Saint-Pierre-en-Port (/fr/) is a commune in the Seine-Maritime department in the Normandy region in northern France.

==Geography==
A farming village in the Pays de Caux, situated some 31 mi northeast of Le Havre, at the junction of the D33 and D79 roads. The commune has a pebble beach and some very high limestone cliffs overlooking the English Channel.

==History==
Several polished stone axes were discovered here in the 19th century, evidence of human presence in the Neolithic period (9000 to 3300 years BC). In 1970, archaeological excavations found sarcophagi of the Merovingian period (500 to 750 AD).

In the 13th century, a church was built on the site of the old cemetery. At the same time, the chapel of Saint-Gervais was built on the plateau at Boulleville (near the present-day water tower). This was destroyed in a fire in the early 18th century.

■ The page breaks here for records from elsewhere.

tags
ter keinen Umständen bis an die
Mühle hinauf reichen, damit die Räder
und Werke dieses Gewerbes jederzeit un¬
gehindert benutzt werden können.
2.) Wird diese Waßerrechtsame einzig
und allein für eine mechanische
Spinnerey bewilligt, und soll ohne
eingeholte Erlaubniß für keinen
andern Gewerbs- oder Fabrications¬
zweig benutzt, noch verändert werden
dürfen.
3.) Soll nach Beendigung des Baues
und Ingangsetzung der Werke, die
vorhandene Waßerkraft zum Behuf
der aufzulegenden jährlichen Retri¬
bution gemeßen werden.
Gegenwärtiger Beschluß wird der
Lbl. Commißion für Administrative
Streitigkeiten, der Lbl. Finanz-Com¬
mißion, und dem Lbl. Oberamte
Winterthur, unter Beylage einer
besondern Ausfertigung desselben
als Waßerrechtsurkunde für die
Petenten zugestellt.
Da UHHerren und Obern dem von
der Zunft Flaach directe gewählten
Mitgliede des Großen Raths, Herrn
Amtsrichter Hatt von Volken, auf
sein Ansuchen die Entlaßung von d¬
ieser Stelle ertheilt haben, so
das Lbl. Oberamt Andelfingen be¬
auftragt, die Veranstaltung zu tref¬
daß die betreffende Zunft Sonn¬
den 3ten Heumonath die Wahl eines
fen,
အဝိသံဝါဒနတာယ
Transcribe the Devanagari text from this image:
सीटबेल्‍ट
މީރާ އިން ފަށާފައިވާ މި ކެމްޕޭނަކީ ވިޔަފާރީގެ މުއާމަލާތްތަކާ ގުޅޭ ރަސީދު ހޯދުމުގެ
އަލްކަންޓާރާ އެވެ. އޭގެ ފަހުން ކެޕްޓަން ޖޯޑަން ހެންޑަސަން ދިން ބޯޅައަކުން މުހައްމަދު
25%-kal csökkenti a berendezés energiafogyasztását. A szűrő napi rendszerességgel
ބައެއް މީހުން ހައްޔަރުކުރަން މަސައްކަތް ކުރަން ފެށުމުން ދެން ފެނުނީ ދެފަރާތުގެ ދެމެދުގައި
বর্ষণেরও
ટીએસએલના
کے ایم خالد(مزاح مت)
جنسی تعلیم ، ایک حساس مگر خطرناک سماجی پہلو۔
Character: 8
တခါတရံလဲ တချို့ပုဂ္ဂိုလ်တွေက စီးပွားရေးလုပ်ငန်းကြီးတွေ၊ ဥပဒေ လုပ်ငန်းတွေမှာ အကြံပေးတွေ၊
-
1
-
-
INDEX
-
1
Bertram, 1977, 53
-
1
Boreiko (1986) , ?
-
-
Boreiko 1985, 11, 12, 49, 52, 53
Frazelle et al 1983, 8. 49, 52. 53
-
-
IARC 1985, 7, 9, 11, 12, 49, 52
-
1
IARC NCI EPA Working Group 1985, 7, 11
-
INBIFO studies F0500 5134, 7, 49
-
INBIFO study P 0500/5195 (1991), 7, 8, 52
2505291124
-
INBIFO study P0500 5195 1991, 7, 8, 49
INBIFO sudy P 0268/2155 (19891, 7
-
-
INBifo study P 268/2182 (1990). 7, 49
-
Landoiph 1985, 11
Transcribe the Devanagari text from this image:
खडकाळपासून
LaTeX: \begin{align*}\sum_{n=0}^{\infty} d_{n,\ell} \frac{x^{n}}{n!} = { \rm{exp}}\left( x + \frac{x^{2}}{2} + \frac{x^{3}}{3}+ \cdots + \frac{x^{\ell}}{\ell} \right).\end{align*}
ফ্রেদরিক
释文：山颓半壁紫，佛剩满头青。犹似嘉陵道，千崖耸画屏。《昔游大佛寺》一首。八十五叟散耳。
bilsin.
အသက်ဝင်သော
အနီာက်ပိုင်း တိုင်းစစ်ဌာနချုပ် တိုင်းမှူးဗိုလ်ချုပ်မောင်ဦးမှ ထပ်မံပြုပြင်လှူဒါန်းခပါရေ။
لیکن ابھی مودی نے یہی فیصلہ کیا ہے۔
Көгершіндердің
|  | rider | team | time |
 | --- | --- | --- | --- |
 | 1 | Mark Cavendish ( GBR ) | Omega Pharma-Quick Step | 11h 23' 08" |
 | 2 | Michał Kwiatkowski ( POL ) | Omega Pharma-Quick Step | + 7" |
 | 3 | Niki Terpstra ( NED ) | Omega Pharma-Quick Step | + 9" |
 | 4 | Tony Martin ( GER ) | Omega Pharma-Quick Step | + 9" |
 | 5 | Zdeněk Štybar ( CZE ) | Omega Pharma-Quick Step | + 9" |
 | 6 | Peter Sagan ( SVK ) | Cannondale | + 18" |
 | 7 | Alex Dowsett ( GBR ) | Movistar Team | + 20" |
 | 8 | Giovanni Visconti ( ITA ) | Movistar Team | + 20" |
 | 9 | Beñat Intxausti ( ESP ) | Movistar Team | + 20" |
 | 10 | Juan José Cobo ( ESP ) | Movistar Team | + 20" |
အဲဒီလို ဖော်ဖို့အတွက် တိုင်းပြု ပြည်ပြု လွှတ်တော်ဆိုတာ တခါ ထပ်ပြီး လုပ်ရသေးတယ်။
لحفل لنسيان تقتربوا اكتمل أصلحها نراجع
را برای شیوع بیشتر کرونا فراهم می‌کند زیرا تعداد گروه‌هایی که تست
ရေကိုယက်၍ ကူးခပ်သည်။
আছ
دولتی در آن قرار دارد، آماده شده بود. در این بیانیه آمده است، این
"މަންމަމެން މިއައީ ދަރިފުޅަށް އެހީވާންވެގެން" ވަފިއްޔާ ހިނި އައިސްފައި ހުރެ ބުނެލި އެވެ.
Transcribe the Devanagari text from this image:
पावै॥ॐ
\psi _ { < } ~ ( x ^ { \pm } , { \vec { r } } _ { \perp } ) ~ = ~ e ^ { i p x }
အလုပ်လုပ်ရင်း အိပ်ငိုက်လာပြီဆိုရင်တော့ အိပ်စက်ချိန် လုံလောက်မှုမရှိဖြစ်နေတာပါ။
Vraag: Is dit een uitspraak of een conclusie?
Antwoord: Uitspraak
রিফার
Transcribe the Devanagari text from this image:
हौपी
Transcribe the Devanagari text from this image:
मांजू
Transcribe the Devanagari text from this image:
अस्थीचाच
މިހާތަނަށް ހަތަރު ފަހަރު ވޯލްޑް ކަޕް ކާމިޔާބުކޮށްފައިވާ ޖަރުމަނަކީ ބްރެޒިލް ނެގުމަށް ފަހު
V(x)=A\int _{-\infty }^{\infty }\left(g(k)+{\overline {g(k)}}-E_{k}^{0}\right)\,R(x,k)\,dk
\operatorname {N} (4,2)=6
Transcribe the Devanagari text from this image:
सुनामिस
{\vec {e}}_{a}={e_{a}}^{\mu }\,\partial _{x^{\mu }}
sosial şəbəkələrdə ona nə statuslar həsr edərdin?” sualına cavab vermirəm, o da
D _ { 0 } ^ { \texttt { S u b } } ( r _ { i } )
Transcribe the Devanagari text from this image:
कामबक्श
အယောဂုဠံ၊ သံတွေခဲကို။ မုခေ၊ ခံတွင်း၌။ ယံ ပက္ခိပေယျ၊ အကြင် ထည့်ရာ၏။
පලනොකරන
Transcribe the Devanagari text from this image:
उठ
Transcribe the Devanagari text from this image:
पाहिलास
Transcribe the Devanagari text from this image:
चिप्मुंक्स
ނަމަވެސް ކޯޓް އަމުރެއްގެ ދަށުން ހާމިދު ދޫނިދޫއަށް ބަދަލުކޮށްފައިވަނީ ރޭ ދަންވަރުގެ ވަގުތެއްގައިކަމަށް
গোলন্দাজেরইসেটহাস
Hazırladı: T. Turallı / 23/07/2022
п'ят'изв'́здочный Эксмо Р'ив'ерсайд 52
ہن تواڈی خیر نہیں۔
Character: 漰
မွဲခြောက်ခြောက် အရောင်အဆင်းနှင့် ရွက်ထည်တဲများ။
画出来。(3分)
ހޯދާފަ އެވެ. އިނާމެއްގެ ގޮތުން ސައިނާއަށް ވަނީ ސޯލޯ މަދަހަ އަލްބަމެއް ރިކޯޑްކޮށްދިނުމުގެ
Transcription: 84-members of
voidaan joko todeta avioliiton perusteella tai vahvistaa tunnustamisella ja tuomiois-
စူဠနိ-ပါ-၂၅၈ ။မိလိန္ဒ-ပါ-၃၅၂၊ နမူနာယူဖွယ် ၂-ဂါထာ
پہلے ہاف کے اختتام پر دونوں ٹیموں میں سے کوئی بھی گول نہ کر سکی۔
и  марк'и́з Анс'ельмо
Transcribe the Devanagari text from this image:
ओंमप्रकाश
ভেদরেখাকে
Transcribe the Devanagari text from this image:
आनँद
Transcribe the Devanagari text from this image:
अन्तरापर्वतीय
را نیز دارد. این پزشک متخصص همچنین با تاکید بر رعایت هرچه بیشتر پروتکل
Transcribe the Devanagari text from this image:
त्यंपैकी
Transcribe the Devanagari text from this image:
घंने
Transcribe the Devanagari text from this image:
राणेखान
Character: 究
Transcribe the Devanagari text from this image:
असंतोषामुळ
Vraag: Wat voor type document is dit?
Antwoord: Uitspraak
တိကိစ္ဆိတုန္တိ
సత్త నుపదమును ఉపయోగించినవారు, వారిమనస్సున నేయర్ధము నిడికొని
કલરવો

In the early 19th century, the population of the valley began a slow migration inland and away from the sea. Fires and storms regularly destroyed the modest homes of the fishing families. The growth of fishing in Newfoundland also took sailors away from the village to spend 9 months at sea.

In 1846, the mayor (the Count de Trémauville) built the town hall and a boys’ school. Three years later, he demolished the old church and cemetery, citing the lack of maintenance and very poor condition and undertook the reconstruction of the church, saving only a part of the porch of the old building.

Forty years later, like many communes in the region, Saint-Pierre welcomed tourism by those wishing to spend their leisure time by the sea.
On the hillsides, where herds of grazing sheep once roamed, second homes were springing up out of the land. This in turn led to the village developing, with more shops, handicrafts, agriculture, the revival of inshore fishing and some cultural events.
Around this time, in 1883, the Grand Hotel des Terrasses and the casino were built. They were destroyed in 1944 by the Germans.

==Places of interest==
- The 19th-century church of St. Pierre, with a small part dating from the 13th century.